═════ RECORDS ═════

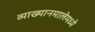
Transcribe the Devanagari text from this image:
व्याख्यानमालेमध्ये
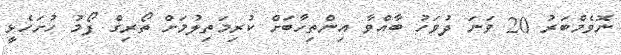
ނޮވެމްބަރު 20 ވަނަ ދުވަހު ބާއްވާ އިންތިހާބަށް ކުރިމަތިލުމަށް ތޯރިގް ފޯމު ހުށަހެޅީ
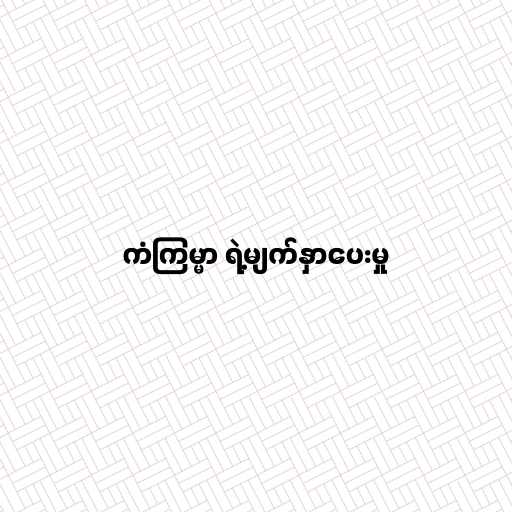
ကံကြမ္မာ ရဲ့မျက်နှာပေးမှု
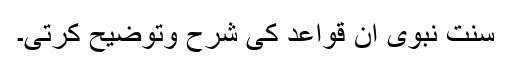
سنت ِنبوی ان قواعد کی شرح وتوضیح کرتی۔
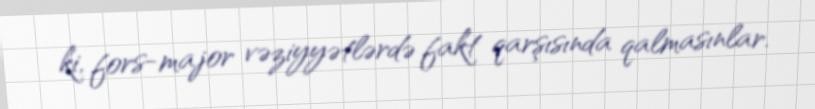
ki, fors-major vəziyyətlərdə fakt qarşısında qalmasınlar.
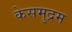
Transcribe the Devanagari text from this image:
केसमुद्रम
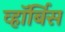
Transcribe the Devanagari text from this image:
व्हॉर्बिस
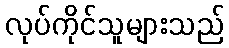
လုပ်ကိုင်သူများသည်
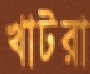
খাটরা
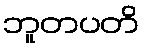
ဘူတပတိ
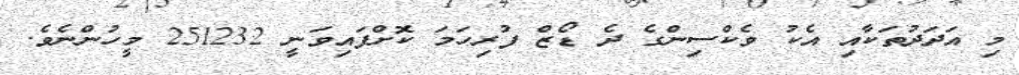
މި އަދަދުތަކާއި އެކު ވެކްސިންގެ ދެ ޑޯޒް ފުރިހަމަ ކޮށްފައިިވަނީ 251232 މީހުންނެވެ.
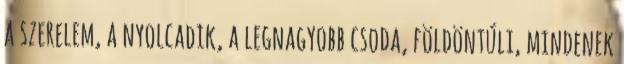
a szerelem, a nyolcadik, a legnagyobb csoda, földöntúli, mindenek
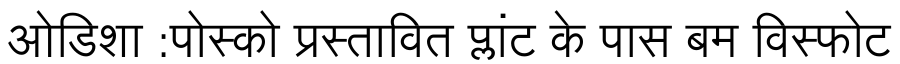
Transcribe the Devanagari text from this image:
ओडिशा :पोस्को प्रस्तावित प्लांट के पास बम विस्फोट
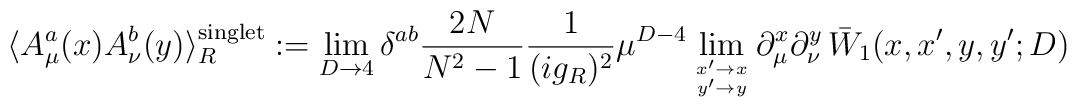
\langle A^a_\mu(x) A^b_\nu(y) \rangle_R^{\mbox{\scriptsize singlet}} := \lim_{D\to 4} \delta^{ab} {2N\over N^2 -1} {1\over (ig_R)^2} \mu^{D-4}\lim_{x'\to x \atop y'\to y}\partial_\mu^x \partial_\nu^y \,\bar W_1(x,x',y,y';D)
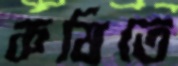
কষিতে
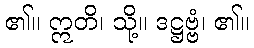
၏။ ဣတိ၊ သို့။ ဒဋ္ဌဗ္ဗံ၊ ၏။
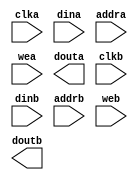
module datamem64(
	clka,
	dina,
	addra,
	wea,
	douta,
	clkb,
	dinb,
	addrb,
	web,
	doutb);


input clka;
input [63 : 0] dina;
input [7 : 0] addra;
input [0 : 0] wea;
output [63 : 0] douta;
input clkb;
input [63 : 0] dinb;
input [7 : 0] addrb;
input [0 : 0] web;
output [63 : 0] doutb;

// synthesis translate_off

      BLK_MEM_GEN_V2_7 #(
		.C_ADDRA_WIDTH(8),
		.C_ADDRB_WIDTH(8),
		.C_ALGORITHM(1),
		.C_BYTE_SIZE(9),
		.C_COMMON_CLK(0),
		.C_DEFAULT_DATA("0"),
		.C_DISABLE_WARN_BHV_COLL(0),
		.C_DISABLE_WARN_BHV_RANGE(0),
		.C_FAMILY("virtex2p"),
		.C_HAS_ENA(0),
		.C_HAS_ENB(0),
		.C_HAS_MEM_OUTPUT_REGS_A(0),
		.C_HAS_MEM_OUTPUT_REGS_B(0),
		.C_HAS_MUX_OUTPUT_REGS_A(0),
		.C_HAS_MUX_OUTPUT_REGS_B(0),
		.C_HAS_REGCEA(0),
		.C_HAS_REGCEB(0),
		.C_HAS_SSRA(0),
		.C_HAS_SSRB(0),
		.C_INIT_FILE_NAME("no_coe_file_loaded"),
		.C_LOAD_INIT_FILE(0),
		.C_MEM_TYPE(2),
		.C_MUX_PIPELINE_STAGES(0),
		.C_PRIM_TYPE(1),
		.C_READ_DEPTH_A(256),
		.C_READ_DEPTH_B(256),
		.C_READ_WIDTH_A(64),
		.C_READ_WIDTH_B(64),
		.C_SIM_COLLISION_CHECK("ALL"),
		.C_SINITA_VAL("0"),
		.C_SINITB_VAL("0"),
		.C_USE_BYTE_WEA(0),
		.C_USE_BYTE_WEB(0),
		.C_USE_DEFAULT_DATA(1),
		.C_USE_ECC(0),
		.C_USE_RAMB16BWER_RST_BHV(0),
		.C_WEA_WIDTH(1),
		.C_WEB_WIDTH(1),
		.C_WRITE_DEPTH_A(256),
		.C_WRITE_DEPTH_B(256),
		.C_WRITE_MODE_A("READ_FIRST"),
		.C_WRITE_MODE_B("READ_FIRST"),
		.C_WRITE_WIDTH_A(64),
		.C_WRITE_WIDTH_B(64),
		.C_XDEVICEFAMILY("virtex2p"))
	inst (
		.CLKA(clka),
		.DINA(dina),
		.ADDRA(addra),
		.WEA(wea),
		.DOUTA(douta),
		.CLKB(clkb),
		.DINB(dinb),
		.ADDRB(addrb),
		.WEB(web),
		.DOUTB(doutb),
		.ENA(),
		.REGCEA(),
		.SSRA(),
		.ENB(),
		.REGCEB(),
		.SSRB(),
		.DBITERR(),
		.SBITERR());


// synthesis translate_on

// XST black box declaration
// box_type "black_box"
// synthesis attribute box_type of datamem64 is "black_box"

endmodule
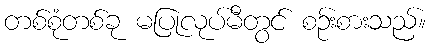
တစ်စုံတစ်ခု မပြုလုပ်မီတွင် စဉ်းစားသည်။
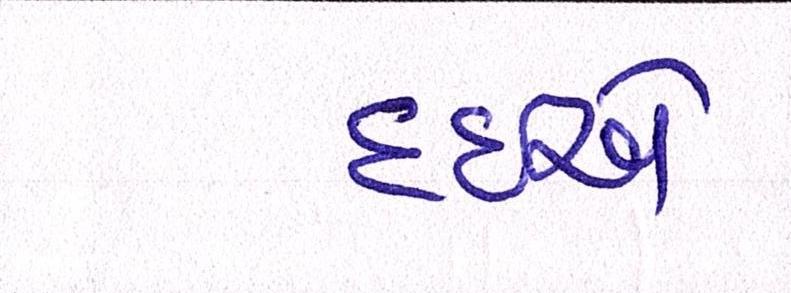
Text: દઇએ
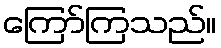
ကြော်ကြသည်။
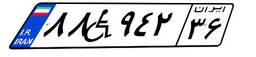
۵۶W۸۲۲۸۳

═════

WHAT YOU ARE ASKED TO DO
Give every record back exactly as it reads, with no images.

SOLUTION
Transcribe the Devanagari text from this image:
व्याख्यानमालेमध्ये
ނޮވެމްބަރު 20 ވަނަ ދުވަހު ބާއްވާ އިންތިހާބަށް ކުރިމަތިލުމަށް ތޯރިގް ފޯމު ހުށަހެޅީ
ကံကြမ္မာ ရဲ့မျက်နှာပေးမှု
سنت ِنبوی ان قواعد کی شرح وتوضیح کرتی۔
ki, fors-major vəziyyətlərdə fakt qarşısında qalmasınlar.
Transcribe the Devanagari text from this image:
केसमुद्रम
Transcribe the Devanagari text from this image:
व्हॉर्बिस
လုပ်ကိုင်သူများသည်
খাটরা
ဘူတပတိ
މި އަދަދުތަކާއި އެކު ވެކްސިންގެ ދެ ޑޯޒް ފުރިހަމަ ކޮށްފައިިވަނީ 251232 މީހުންނެވެ.
a szerelem, a nyolcadik, a legnagyobb csoda, földöntúli, mindenek
Transcribe the Devanagari text from this image:
ओडिशा :पोस्को प्रस्तावित प्लांट के पास बम विस्फोट
\langle A^a_\mu(x) A^b_\nu(y) \rangle_R^{\mbox{\scriptsize singlet}} := \lim_{D\to 4} \delta^{ab} {2N\over N^2 -1} {1\over (ig_R)^2} \mu^{D-4}\lim_{x'\to x \atop y'\to y}\partial_\mu^x \partial_\nu^y \,\bar W_1(x,x',y,y';D)
কষিতে
၏။ ဣတိ၊ သို့။ ဒဋ္ဌဗ္ဗံ၊ ၏။
module datamem64(
	clka,
	dina,
	addra,
	wea,
	douta,
	clkb,
	dinb,
	addrb,
	web,
	doutb);


input clka;
input [63 : 0] dina;
input [7 : 0] addra;
input [0 : 0] wea;
output [63 : 0] douta;
input clkb;
input [63 : 0] dinb;
input [7 : 0] addrb;
input [0 : 0] web;
output [63 : 0] doutb;

// synthesis translate_off

      BLK_MEM_GEN_V2_7 #(
		.C_ADDRA_WIDTH(8),
		.C_ADDRB_WIDTH(8),
		.C_ALGORITHM(1),
		.C_BYTE_SIZE(9),
		.C_COMMON_CLK(0),
		.C_DEFAULT_DATA("0"),
		.C_DISABLE_WARN_BHV_COLL(0),
		.C_DISABLE_WARN_BHV_RANGE(0),
		.C_FAMILY("virtex2p"),
		.C_HAS_ENA(0),
		.C_HAS_ENB(0),
		.C_HAS_MEM_OUTPUT_REGS_A(0),
		.C_HAS_MEM_OUTPUT_REGS_B(0),
		.C_HAS_MUX_OUTPUT_REGS_A(0),
		.C_HAS_MUX_OUTPUT_REGS_B(0),
		.C_HAS_REGCEA(0),
		.C_HAS_REGCEB(0),
		.C_HAS_SSRA(0),
		.C_HAS_SSRB(0),
		.C_INIT_FILE_NAME("no_coe_file_loaded"),
		.C_LOAD_INIT_FILE(0),
		.C_MEM_TYPE(2),
		.C_MUX_PIPELINE_STAGES(0),
		.C_PRIM_TYPE(1),
		.C_READ_DEPTH_A(256),
		.C_READ_DEPTH_B(256),
		.C_READ_WIDTH_A(64),
		.C_READ_WIDTH_B(64),
		.C_SIM_COLLISION_CHECK("ALL"),
		.C_SINITA_VAL("0"),
		.C_SINITB_VAL("0"),
		.C_USE_BYTE_WEA(0),
		.C_USE_BYTE_WEB(0),
		.C_USE_DEFAULT_DATA(1),
		.C_USE_ECC(0),
		.C_USE_RAMB16BWER_RST_BHV(0),
		.C_WEA_WIDTH(1),
		.C_WEB_WIDTH(1),
		.C_WRITE_DEPTH_A(256),
		.C_WRITE_DEPTH_B(256),
		.C_WRITE_MODE_A("READ_FIRST"),
		.C_WRITE_MODE_B("READ_FIRST"),
		.C_WRITE_WIDTH_A(64),
		.C_WRITE_WIDTH_B(64),
		.C_XDEVICEFAMILY("virtex2p"))
	inst (
		.CLKA(clka),
		.DINA(dina),
		.ADDRA(addra),
		.WEA(wea),
		.DOUTA(douta),
		.CLKB(clkb),
		.DINB(dinb),
		.ADDRB(addrb),
		.WEB(web),
		.DOUTB(doutb),
		.ENA(),
		.REGCEA(),
		.SSRA(),
		.ENB(),
		.REGCEB(),
		.SSRB(),
		.DBITERR(),
		.SBITERR());


// synthesis translate_on

// XST black box declaration
// box_type "black_box"
// synthesis attribute box_type of datamem64 is "black_box"

endmodule
တစ်စုံတစ်ခု မပြုလုပ်မီတွင် စဉ်းစားသည်။
Text: દઇએ
ကြော်ကြသည်။
۵۶W۸۲۲۸۳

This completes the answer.